(Recorded data)
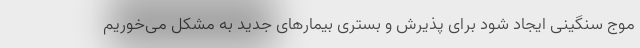
موج سنگینی ایجاد شود برای پذیرش و بستری بیمارهای جدید به مشکل می‌خوریم
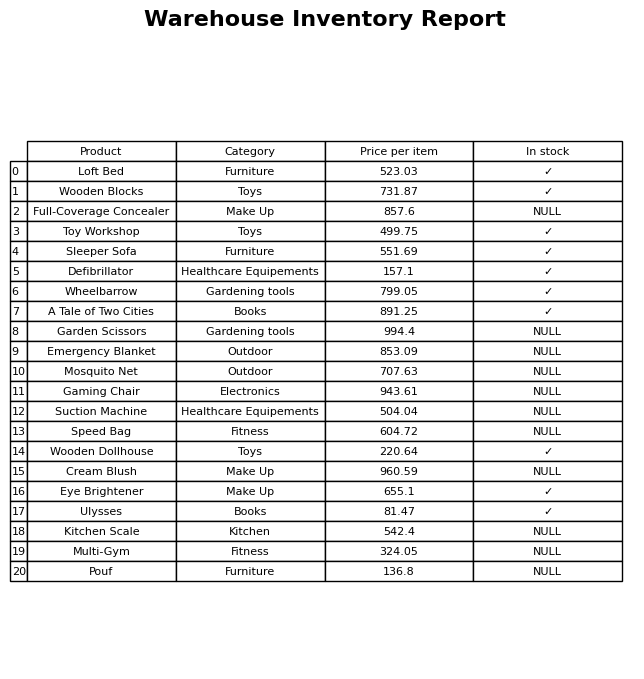
question: What is the price of the Full-Coverage Concealer?
answer: The price of Full-Coverage Concealer is 857.6.
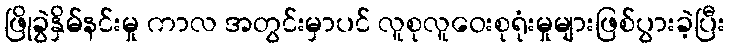
ဖြိုခွဲနှိမ်နင်းမှု ကာလ အတွင်းမှာပင် လူစုလူဝေးစုရုံးမှုများဖြစ်ပွားခဲ့ပြီး
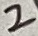
Text: 2
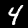
Digit: 4
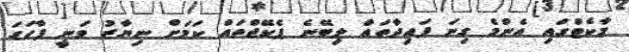
މާކެޓްގައި އެންމެ ގިނަ ފައިދާތައް ލިބޭނެ ޕެކޭޖްތައް ކަމަށް ނިޔާޒު ވަނީ ފާހަގަ
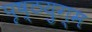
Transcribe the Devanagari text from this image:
पृष्ठयुग्म
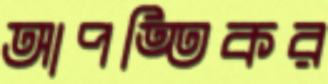
আপত্তিকর
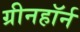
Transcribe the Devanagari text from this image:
ग्रीनहॉर्न
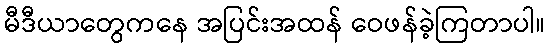
မီဒီယာတွေကနေ အပြင်းအထန် ဝေဖန်ခဲ့ကြတာပါ။
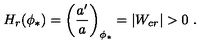
H _ { r } ( \phi _ { * } ) = \left( { \frac { a ^ { \prime } } { a } } \right) _ { \phi _ { * } } = | W _ { c r } | > 0 \ .
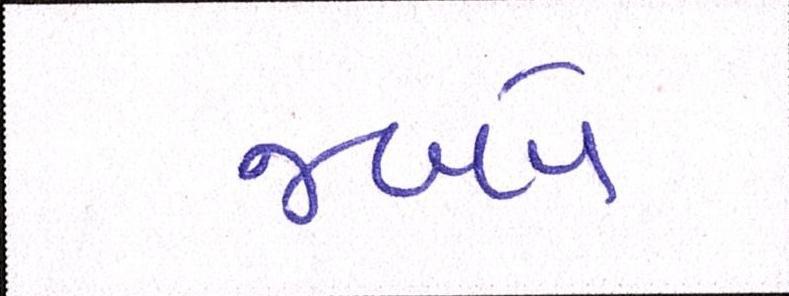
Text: જબ્બે
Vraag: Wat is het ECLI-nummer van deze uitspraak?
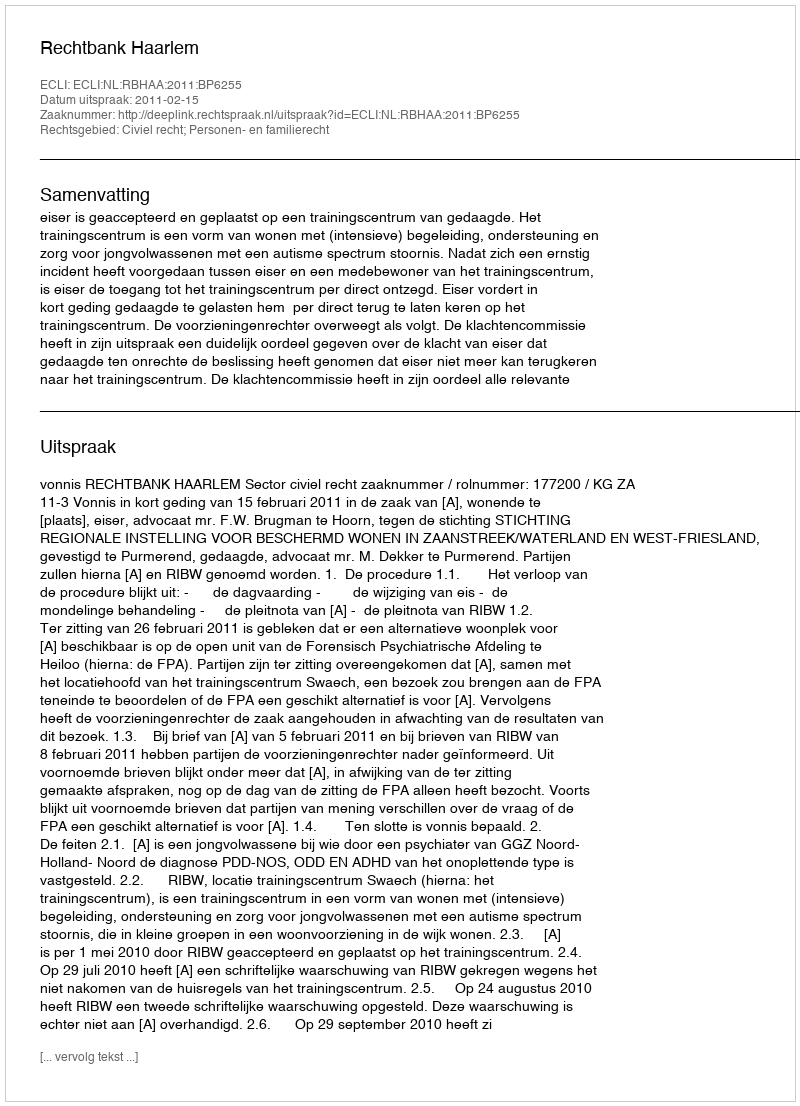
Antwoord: ECLI:NL:RBHAA:2011:BP6255
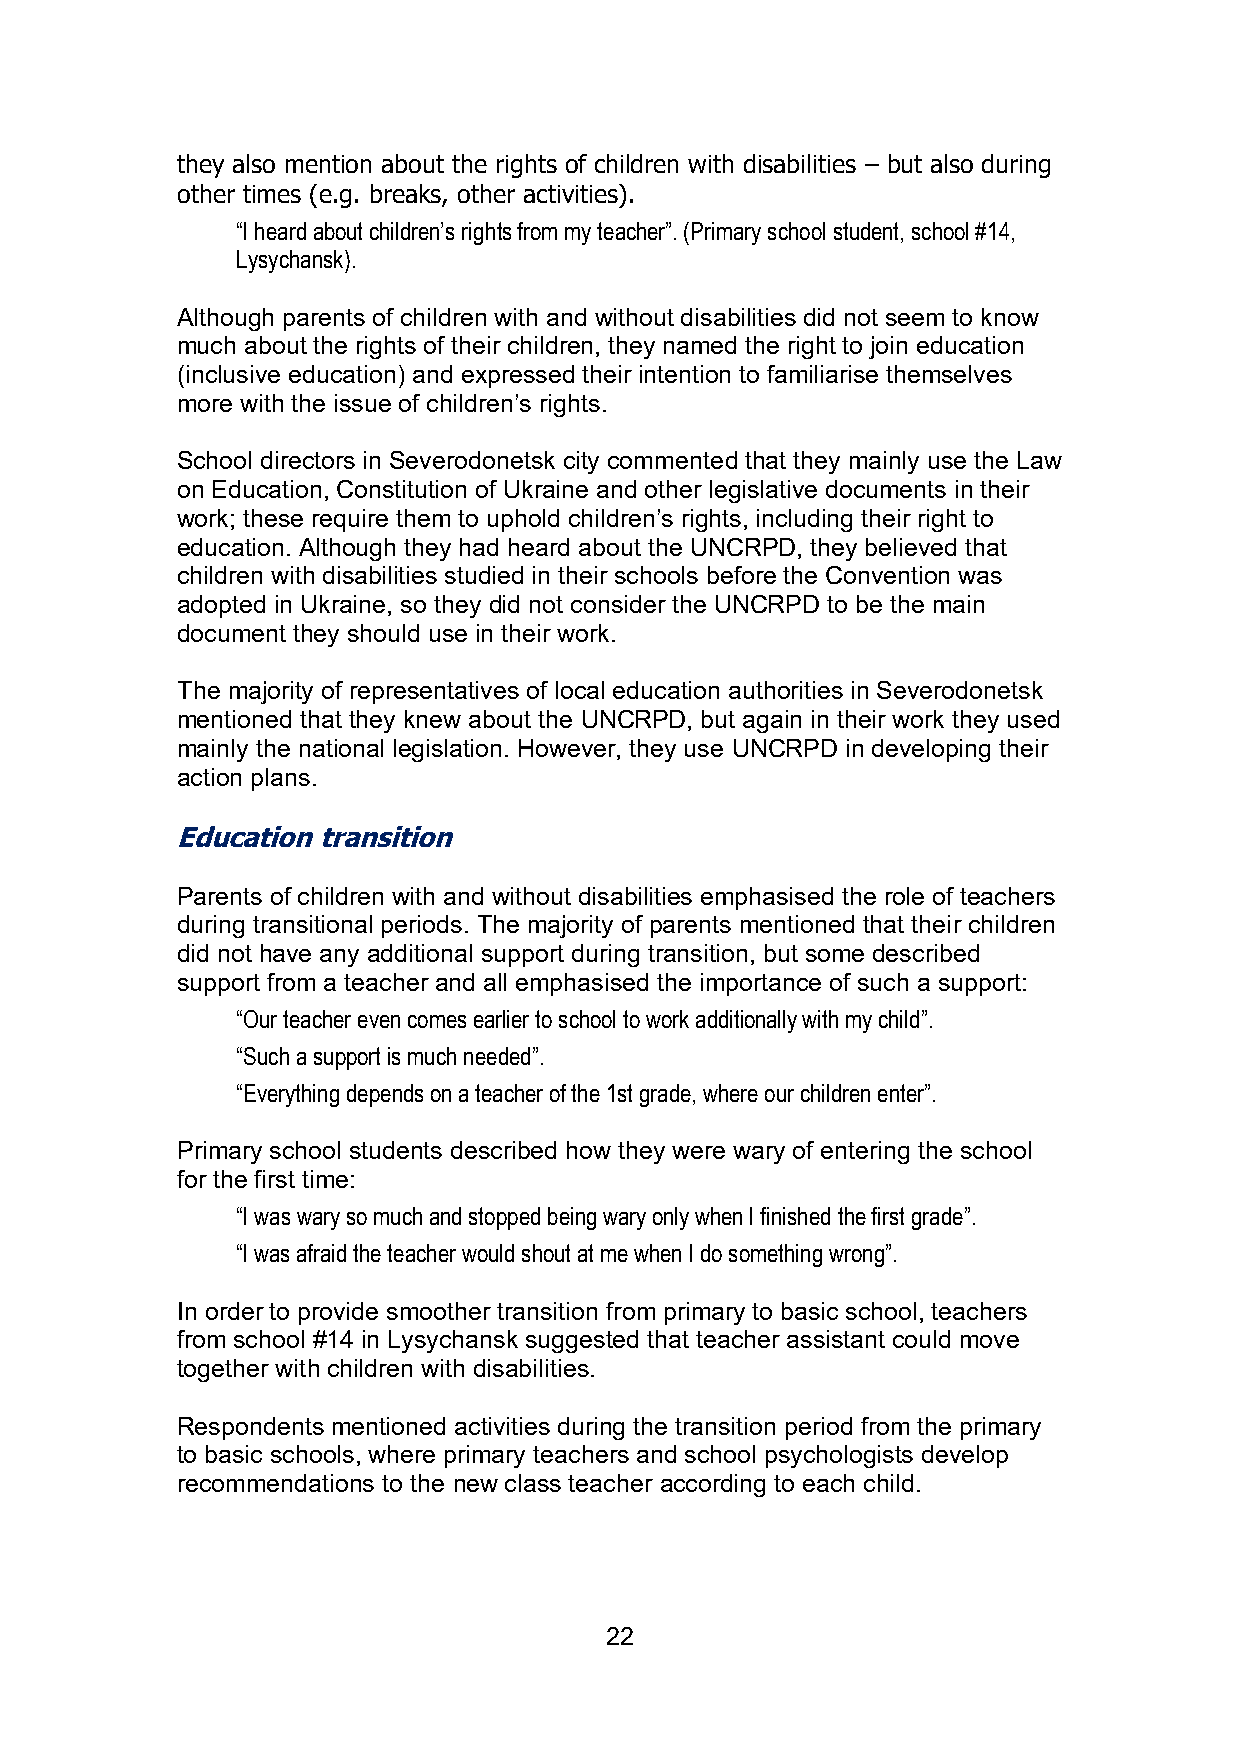
they also mention about the rights of children with disabilities – but also during
 other times (e.g. breaks, other activities).
 “I heard about children’s rights from my teacher”. (Primary school student, school #14,
 Lysychansk).
 Although parents of children with and without disabilities did not seem to know
 much about the rights of their children, they named the right to join education
 (inclusive education) and expressed their intention to familiarise themselves
 more with the issue of children’s rights.
 School directors in Severodonetsk city commented that they mainly use the Law
 on Education, Constitution of Ukraine and other legislative documents in their
 work; these require them to uphold children’s rights, including their right to
 education. Although they had heard about the UNCRPD, they believed that
 children with disabilities studied in their schools before the Convention was
 adopted in Ukraine, so they did not consider the UNCRPD to be the main
 document they should use in their work.
 The majority of representatives of local education authorities in Severodonetsk
 mentioned that they knew about the UNCRPD, but again in their work they used
 mainly the national legislation. However, they use UNCRPD in developing their
 action plans.
 Education transition
 Parents of children with and without disabilities emphasised the role of teachers
 during transitional periods. The majority of parents mentioned that their children
 did not have any additional support during transition, but some described
 support from a teacher and all emphasised the importance of such a support:
 “Our teacher even comes earlier to school to work additionally with my child”.
 “Such a support is much needed”.
 “Everything depends on a teacher of the 1st grade, where our children enter”.
 Primary school students described how they were wary of entering the school
 for the first time:
 “I was wary so much and stopped being wary only when I finished the first grade”.
 “I was afraid the teacher would shout at me when I do something wrong”.
 In order to provide smoother transition from primary to basic school, teachers
 from school #14 in Lysychansk suggested that teacher assistant could move
 together with children with disabilities.
 Respondents mentioned activities during the transition period from the primary
 to basic schools, where primary teachers and school psychologists develop
 recommendations to the new class teacher according to each child.
 22
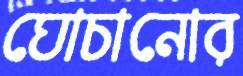
ঘোচানোর
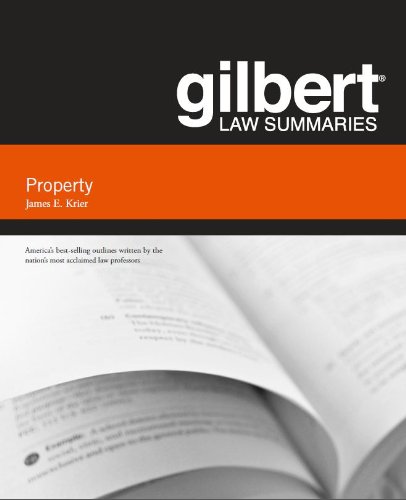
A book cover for Gilbert Law Summary on Property (Gilbert Law Summaries); James Krier; Law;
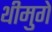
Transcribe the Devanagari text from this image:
थीमुगे
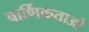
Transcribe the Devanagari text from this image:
वार्णिकताओं
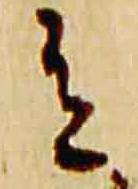
有
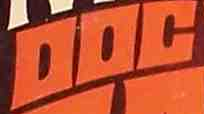
DOC
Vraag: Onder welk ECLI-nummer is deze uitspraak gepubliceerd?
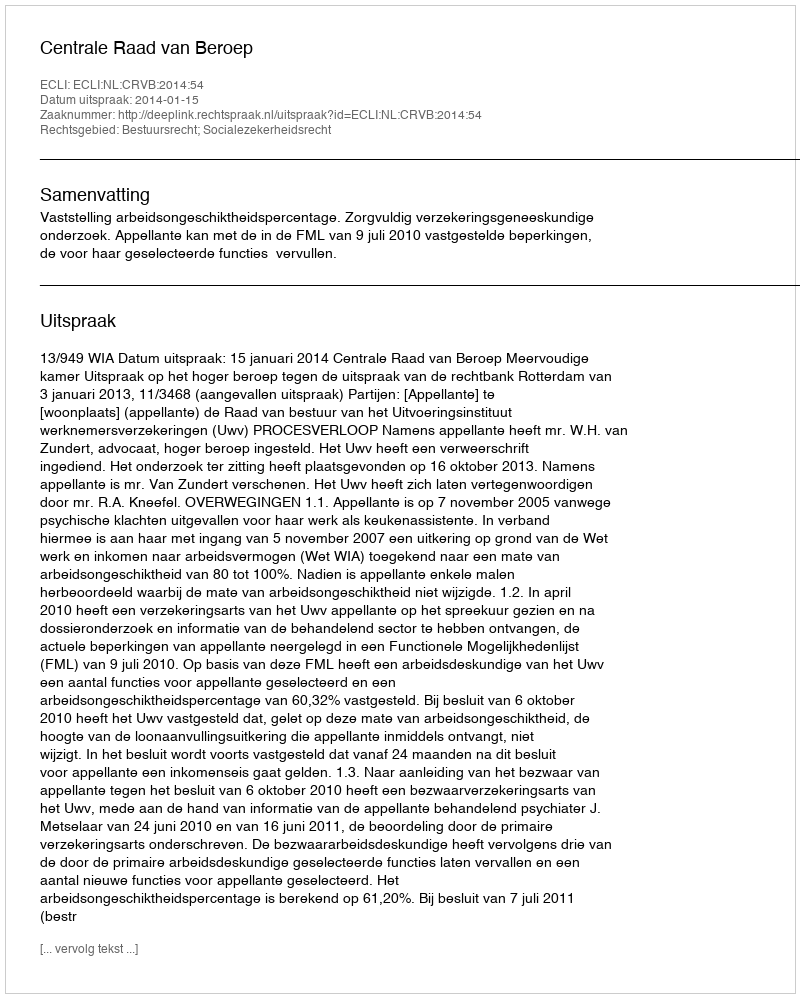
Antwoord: ECLI:NL:CRVB:2014:54
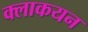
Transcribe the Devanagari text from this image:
क्लाकयन
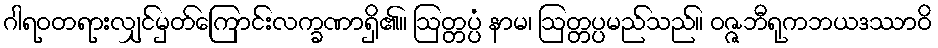
ဂါရဝတရားလျှင်မှတ်ကြောင်းလက္ခဏာရှိ၏။ ဩတ္တပ္ပံ နာမ၊ ဩတ္တပ္ပမည်သည်။ ဝဇ္ဇဘီရုကဘယဒဿာဝိ
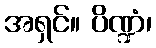
အရှင်။ ပိဏ္ဍံ၊
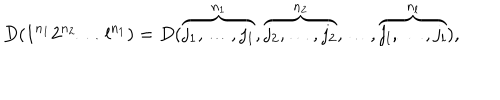
D ( 1 ^ { n _ { 1 } } 2 ^ { n _ { 2 } } \ldots l ^ { n _ { 1 } } ) = D ( \overbrace { j _ { 1 } , \ldots , j _ { 1 } } ^ { n _ { 1 } } , \overbrace { j _ { 2 } , \ldots , j _ { 2 } } ^ { n _ { 2 } } , \ldots , \overbrace { j _ { l } , \ldots , j _ { l } } ^ { n _ { l } } ) ,

◆ PROBLEM STATEMENT ◆
Find and copy every line in the entries above where the string "nummer" occurs.

◆ RESPONSE ◆
Vraag: Wat is het ECLI-nummer van deze uitspraak?
Vraag: Onder welk ECLI-nummer is deze uitspraak gepubliceerd?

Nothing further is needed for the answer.